Stored data entries:
--

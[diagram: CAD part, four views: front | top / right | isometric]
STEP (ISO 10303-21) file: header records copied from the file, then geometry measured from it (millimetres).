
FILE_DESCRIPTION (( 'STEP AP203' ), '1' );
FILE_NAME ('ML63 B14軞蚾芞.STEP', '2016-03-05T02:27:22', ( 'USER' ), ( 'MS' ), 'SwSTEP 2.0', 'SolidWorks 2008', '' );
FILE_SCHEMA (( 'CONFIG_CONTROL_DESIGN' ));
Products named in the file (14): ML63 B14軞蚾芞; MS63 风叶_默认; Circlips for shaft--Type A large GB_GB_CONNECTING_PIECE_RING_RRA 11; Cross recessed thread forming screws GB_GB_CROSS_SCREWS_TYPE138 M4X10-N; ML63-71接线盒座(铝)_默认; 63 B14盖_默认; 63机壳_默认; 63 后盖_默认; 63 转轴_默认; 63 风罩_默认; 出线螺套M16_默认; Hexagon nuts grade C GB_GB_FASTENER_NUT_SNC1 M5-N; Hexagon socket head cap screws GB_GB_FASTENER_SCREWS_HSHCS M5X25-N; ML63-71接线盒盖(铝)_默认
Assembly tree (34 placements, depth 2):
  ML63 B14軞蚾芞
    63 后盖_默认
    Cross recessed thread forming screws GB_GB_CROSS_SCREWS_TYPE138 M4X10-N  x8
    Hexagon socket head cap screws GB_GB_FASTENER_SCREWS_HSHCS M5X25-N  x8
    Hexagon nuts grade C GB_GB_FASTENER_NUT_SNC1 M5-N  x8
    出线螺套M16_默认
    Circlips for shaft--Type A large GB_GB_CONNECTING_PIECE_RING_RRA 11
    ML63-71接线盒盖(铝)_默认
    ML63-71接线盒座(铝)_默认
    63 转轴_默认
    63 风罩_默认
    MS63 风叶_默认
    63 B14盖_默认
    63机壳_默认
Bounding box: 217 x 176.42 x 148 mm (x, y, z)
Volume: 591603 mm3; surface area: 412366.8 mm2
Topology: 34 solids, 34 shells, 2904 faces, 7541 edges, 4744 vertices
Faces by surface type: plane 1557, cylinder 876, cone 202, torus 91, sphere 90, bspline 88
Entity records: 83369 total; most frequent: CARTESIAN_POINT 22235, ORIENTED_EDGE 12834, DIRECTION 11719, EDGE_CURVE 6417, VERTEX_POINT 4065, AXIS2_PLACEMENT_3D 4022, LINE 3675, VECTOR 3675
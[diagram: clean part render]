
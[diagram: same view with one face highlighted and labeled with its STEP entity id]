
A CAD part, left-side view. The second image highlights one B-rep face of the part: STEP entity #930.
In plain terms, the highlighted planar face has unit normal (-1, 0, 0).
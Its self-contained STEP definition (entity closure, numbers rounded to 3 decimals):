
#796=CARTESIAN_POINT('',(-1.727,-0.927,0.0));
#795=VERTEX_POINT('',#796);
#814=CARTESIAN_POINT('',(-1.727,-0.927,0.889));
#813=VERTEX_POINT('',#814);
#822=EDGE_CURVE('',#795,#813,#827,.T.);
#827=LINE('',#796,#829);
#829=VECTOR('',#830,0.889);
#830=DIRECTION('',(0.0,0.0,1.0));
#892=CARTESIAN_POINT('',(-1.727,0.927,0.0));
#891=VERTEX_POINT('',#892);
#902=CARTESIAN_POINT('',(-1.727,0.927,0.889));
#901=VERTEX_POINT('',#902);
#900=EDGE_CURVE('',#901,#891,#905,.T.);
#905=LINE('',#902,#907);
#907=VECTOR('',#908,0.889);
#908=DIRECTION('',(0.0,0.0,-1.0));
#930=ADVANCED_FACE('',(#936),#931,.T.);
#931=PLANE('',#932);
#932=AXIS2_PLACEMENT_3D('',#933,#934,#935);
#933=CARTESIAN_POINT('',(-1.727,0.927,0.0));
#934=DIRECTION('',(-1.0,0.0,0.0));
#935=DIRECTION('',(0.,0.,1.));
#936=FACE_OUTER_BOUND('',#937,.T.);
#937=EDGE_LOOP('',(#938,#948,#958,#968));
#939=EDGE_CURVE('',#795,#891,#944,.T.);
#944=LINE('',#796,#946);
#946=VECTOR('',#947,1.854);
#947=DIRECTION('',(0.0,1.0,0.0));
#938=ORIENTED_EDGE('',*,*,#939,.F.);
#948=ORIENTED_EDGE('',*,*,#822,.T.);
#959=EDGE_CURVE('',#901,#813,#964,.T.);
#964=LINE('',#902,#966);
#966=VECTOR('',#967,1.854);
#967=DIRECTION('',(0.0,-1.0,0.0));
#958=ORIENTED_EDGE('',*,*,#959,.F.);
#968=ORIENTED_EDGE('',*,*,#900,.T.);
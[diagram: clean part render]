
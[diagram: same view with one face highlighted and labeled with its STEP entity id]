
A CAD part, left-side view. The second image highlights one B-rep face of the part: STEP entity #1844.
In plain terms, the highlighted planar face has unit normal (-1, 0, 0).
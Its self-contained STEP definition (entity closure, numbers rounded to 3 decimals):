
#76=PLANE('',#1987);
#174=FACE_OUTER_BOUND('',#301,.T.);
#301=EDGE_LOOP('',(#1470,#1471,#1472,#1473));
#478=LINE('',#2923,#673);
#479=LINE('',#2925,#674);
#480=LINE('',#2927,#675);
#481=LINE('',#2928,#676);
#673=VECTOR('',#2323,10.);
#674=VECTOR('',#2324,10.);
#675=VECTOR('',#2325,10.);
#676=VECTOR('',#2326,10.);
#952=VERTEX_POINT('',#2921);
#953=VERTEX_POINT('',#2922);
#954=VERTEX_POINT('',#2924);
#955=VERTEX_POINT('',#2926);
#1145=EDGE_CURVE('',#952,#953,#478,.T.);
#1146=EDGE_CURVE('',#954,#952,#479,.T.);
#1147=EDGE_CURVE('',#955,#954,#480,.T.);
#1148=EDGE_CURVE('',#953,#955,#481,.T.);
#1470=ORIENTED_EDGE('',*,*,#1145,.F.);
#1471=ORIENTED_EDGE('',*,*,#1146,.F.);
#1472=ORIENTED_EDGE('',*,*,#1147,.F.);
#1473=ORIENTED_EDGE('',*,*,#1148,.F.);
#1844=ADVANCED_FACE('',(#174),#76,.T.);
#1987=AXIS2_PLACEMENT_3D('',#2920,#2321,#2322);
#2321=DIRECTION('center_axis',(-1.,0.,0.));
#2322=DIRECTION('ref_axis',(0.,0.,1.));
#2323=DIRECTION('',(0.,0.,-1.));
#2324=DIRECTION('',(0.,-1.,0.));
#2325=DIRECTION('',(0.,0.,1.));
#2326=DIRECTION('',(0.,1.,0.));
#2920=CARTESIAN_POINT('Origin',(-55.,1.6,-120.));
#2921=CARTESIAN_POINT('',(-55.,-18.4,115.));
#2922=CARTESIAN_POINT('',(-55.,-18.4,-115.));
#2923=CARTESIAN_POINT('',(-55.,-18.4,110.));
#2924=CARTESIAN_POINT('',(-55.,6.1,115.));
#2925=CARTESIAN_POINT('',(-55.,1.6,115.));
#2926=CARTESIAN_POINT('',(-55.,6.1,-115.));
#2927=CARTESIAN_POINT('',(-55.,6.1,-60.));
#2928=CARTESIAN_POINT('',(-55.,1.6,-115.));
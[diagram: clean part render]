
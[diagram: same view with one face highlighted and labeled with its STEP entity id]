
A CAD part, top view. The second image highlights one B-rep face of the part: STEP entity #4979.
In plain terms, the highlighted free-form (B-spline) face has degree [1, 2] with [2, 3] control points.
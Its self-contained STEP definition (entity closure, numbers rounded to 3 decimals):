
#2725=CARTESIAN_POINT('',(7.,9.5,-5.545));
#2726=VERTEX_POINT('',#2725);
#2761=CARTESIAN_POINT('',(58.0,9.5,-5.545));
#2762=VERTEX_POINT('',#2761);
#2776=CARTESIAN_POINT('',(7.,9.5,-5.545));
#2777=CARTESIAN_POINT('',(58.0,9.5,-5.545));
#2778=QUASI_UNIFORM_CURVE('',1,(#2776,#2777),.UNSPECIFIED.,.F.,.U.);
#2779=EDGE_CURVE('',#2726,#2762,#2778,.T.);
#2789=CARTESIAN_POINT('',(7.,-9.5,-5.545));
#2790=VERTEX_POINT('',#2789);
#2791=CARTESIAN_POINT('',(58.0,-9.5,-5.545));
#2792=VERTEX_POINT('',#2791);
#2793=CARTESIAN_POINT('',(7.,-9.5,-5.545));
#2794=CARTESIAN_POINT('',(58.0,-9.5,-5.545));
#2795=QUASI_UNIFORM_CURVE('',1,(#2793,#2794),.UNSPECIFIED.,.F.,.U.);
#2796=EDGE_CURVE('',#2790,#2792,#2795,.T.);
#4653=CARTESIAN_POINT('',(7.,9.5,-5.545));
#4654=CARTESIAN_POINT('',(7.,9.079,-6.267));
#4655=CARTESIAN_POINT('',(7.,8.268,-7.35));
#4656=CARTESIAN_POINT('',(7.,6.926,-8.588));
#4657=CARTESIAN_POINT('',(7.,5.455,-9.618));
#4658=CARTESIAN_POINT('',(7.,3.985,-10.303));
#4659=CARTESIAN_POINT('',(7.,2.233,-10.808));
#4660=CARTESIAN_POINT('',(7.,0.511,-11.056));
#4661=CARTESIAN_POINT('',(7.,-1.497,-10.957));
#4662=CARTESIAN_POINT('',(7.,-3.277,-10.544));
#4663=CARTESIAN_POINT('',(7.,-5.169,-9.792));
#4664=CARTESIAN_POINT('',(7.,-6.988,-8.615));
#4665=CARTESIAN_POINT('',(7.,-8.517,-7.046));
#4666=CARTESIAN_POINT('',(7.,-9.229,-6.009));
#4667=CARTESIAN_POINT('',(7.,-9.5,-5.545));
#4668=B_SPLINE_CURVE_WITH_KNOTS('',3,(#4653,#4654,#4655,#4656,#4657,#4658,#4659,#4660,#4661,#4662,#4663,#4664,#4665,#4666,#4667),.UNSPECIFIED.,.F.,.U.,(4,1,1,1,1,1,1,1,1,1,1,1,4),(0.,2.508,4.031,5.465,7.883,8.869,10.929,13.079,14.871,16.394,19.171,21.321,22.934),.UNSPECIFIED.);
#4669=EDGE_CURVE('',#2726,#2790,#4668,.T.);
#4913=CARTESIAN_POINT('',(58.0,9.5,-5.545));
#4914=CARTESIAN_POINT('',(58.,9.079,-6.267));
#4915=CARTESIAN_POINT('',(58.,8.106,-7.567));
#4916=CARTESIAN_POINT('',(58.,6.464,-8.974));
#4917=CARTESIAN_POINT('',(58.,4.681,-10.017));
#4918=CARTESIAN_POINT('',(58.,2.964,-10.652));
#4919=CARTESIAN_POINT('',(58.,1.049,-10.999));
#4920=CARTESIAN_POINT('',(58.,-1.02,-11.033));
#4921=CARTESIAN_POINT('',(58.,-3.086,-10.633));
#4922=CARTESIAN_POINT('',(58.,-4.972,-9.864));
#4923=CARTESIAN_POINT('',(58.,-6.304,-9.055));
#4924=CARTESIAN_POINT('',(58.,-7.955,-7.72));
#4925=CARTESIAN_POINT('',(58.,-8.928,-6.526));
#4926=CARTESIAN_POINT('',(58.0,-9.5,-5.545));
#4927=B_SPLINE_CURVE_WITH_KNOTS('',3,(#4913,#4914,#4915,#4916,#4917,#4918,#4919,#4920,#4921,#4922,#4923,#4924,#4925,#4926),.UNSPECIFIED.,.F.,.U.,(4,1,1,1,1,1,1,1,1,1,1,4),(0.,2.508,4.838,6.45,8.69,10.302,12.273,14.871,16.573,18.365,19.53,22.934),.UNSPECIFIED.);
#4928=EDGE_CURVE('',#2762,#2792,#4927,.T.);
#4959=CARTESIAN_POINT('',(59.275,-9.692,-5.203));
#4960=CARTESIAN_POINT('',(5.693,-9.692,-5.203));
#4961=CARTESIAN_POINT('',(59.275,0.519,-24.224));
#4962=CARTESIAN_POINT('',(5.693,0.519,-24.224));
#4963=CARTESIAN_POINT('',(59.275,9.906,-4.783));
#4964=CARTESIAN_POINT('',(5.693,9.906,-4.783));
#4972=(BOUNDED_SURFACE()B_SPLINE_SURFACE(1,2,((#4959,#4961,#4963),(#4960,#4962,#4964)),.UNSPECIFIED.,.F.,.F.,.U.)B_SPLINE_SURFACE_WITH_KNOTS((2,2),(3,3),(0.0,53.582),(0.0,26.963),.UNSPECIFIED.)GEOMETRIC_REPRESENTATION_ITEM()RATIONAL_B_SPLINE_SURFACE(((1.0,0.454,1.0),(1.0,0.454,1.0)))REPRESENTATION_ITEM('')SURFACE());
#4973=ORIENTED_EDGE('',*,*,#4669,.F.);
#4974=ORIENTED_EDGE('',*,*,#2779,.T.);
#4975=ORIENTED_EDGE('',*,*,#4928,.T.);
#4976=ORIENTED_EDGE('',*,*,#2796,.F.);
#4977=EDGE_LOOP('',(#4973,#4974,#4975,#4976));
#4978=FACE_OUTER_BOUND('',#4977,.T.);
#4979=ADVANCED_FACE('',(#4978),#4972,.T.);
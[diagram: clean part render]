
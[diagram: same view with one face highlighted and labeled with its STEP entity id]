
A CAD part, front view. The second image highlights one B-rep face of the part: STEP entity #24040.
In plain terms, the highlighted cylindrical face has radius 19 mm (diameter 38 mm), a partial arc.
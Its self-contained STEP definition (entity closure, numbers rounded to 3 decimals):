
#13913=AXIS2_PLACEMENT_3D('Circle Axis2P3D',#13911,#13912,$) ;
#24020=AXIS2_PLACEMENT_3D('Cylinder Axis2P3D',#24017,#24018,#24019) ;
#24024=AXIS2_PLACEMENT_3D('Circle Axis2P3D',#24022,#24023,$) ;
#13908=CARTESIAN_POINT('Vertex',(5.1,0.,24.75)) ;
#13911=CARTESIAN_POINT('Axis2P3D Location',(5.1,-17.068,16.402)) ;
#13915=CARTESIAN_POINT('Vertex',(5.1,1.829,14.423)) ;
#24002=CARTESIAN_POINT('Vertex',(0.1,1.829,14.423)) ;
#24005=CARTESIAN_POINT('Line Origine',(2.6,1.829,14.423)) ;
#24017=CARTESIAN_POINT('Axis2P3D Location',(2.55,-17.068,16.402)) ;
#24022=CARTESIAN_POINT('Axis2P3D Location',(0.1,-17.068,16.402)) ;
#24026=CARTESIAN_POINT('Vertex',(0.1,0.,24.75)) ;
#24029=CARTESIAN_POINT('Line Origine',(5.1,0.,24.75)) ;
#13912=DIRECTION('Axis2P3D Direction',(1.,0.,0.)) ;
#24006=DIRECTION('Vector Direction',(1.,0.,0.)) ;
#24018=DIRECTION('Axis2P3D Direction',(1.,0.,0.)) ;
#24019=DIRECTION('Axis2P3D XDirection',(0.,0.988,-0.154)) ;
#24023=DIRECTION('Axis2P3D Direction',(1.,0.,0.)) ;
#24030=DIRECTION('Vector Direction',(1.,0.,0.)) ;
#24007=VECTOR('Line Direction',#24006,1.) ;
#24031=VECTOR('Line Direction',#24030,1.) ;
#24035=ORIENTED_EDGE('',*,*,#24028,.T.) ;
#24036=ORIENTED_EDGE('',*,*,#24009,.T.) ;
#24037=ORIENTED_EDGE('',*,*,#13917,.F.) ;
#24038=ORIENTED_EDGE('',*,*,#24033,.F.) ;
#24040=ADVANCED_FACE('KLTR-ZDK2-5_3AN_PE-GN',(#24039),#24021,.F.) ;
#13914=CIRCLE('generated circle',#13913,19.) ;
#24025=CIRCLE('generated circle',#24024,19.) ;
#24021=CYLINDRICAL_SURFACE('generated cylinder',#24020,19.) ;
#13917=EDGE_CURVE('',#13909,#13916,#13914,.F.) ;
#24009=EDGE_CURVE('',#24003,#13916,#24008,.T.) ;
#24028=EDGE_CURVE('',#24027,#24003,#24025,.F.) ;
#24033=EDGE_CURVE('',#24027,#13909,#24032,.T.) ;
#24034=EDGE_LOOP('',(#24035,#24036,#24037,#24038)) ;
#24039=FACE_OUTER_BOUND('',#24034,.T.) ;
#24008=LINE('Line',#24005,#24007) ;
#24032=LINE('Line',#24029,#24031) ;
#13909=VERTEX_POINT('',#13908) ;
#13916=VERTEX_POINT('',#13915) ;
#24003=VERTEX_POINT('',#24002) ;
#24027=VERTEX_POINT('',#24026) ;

--

• _EXERCISE DETAILS_: Restate word for word the entries above, starting at the line with "#2920=CARTESIAN_POINT('Origin',(-55.,1.6,-120.));" and ending at the line with "A CAD part, top", inclusive, and no others.

• _ANSWER TO THE PROBLEM_:
#2920=CARTESIAN_POINT('Origin',(-55.,1.6,-120.));
#2921=CARTESIAN_POINT('',(-55.,-18.4,115.));
#2922=CARTESIAN_POINT('',(-55.,-18.4,-115.));
#2923=CARTESIAN_POINT('',(-55.,-18.4,110.));
#2924=CARTESIAN_POINT('',(-55.,6.1,115.));
#2925=CARTESIAN_POINT('',(-55.,1.6,115.));
#2926=CARTESIAN_POINT('',(-55.,6.1,-115.));
#2927=CARTESIAN_POINT('',(-55.,6.1,-60.));
#2928=CARTESIAN_POINT('',(-55.,1.6,-115.));
[diagram: clean part render]
[diagram: same view with one face highlighted and labeled with its STEP entity id]
A CAD part, top view. The second image highlights one B-rep face of the part: STEP entity #4979.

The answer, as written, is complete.